(Records from a data source)
::::::::::
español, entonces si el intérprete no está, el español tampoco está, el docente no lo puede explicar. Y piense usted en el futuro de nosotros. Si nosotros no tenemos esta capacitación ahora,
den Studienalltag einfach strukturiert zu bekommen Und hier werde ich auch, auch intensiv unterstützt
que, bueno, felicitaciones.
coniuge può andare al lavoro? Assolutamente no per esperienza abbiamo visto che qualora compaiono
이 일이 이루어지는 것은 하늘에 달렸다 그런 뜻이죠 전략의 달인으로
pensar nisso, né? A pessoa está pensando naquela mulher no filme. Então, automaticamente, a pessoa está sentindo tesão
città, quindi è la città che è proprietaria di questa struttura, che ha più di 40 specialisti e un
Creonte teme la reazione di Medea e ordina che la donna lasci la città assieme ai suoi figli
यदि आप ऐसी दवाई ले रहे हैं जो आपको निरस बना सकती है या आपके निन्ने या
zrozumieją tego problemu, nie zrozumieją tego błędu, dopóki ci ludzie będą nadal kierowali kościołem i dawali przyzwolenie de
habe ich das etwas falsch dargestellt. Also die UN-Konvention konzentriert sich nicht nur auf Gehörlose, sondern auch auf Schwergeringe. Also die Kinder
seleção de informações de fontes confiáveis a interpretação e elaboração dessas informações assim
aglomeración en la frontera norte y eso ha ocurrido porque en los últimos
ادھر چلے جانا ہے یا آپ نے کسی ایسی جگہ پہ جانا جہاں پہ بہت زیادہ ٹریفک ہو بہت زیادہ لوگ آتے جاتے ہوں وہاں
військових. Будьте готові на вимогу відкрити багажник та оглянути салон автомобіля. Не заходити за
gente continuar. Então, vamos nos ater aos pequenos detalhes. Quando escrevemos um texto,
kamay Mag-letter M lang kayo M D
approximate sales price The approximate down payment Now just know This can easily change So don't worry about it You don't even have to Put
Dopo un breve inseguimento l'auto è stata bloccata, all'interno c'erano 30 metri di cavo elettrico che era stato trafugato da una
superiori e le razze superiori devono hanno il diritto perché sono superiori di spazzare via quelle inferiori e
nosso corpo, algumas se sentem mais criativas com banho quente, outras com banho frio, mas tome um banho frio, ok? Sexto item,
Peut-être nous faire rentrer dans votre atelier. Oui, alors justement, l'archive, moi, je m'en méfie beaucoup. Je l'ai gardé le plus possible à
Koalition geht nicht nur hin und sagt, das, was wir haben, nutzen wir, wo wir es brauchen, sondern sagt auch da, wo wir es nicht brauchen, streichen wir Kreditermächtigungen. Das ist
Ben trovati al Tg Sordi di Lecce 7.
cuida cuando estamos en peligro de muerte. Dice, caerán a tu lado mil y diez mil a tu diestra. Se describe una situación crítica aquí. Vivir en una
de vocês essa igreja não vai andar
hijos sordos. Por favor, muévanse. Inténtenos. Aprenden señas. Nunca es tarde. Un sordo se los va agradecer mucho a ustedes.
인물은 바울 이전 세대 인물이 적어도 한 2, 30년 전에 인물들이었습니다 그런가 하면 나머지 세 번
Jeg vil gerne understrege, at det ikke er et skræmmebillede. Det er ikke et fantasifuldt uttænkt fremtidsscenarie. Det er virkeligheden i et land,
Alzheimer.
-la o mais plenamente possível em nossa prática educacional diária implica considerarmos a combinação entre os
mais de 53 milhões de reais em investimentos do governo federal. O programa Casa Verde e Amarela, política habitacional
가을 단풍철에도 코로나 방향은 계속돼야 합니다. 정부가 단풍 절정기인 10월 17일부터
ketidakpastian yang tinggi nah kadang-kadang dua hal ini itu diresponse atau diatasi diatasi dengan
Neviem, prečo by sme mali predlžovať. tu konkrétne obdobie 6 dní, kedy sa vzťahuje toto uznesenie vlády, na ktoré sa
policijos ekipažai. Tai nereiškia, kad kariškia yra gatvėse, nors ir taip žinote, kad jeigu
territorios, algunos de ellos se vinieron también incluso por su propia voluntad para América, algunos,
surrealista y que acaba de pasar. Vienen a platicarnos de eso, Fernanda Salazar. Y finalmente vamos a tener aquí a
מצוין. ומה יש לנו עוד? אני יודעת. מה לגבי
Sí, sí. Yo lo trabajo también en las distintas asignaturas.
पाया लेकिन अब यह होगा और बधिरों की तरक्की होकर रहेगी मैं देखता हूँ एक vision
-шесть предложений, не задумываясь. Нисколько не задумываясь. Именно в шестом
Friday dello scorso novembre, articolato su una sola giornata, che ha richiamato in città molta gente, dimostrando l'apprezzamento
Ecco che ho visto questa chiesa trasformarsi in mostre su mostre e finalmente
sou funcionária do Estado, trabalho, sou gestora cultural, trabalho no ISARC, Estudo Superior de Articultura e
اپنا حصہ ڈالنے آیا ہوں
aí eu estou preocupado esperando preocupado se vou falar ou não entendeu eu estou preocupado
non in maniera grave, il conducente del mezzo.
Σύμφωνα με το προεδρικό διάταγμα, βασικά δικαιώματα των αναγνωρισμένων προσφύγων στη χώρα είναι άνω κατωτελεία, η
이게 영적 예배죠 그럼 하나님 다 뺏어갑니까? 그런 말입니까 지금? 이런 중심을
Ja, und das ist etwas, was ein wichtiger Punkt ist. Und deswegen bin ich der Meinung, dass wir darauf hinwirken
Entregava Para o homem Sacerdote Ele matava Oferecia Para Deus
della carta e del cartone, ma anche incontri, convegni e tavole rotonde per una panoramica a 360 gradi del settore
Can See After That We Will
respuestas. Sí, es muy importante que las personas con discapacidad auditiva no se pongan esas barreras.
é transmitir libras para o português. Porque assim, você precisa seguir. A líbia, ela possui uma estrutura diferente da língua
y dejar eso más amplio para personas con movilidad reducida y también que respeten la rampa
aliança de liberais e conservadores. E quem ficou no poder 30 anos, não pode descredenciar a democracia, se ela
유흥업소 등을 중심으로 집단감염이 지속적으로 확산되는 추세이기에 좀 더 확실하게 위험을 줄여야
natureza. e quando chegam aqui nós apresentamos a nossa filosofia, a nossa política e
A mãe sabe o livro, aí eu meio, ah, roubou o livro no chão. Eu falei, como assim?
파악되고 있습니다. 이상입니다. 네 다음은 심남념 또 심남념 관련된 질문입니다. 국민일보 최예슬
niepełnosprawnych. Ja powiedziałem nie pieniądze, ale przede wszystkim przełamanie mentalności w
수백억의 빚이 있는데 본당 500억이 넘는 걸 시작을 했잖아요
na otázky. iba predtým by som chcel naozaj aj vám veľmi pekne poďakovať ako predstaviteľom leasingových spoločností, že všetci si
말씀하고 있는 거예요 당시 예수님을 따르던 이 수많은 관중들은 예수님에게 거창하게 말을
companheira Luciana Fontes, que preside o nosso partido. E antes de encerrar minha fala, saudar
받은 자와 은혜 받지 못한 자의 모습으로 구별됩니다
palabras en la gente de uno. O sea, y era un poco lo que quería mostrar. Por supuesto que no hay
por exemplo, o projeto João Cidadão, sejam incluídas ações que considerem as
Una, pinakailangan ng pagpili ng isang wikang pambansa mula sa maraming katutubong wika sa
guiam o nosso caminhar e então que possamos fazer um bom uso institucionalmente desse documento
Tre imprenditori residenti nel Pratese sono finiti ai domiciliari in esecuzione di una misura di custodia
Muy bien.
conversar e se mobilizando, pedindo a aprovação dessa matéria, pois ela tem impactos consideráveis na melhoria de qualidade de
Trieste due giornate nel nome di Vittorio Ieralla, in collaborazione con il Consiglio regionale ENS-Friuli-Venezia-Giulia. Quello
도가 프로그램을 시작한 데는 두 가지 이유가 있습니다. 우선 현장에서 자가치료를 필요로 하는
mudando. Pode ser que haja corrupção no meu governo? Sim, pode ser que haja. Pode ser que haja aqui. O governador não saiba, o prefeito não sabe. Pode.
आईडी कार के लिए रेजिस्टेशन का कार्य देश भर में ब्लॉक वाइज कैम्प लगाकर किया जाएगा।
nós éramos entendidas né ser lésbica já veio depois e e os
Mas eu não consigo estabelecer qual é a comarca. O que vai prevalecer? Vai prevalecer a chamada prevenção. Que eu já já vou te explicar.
::::::::::
▶ [WHAT NEEDS TO BE DONE]: For this exercise, output exactly the lines above from the line with "superiori e le" to the line with "de vocês essa igreja não vai andar", counting both, and leave out the rest.

▶ [SOLUTION TO THE PROBLEM]:
superiori e le razze superiori devono hanno il diritto perché sono superiori di spazzare via quelle inferiori e
nosso corpo, algumas se sentem mais criativas com banho quente, outras com banho frio, mas tome um banho frio, ok? Sexto item,
Peut-être nous faire rentrer dans votre atelier. Oui, alors justement, l'archive, moi, je m'en méfie beaucoup. Je l'ai gardé le plus possible à
Koalition geht nicht nur hin und sagt, das, was wir haben, nutzen wir, wo wir es brauchen, sondern sagt auch da, wo wir es nicht brauchen, streichen wir Kreditermächtigungen. Das ist
Ben trovati al Tg Sordi di Lecce 7.
cuida cuando estamos en peligro de muerte. Dice, caerán a tu lado mil y diez mil a tu diestra. Se describe una situación crítica aquí. Vivir en una
de vocês essa igreja não vai andar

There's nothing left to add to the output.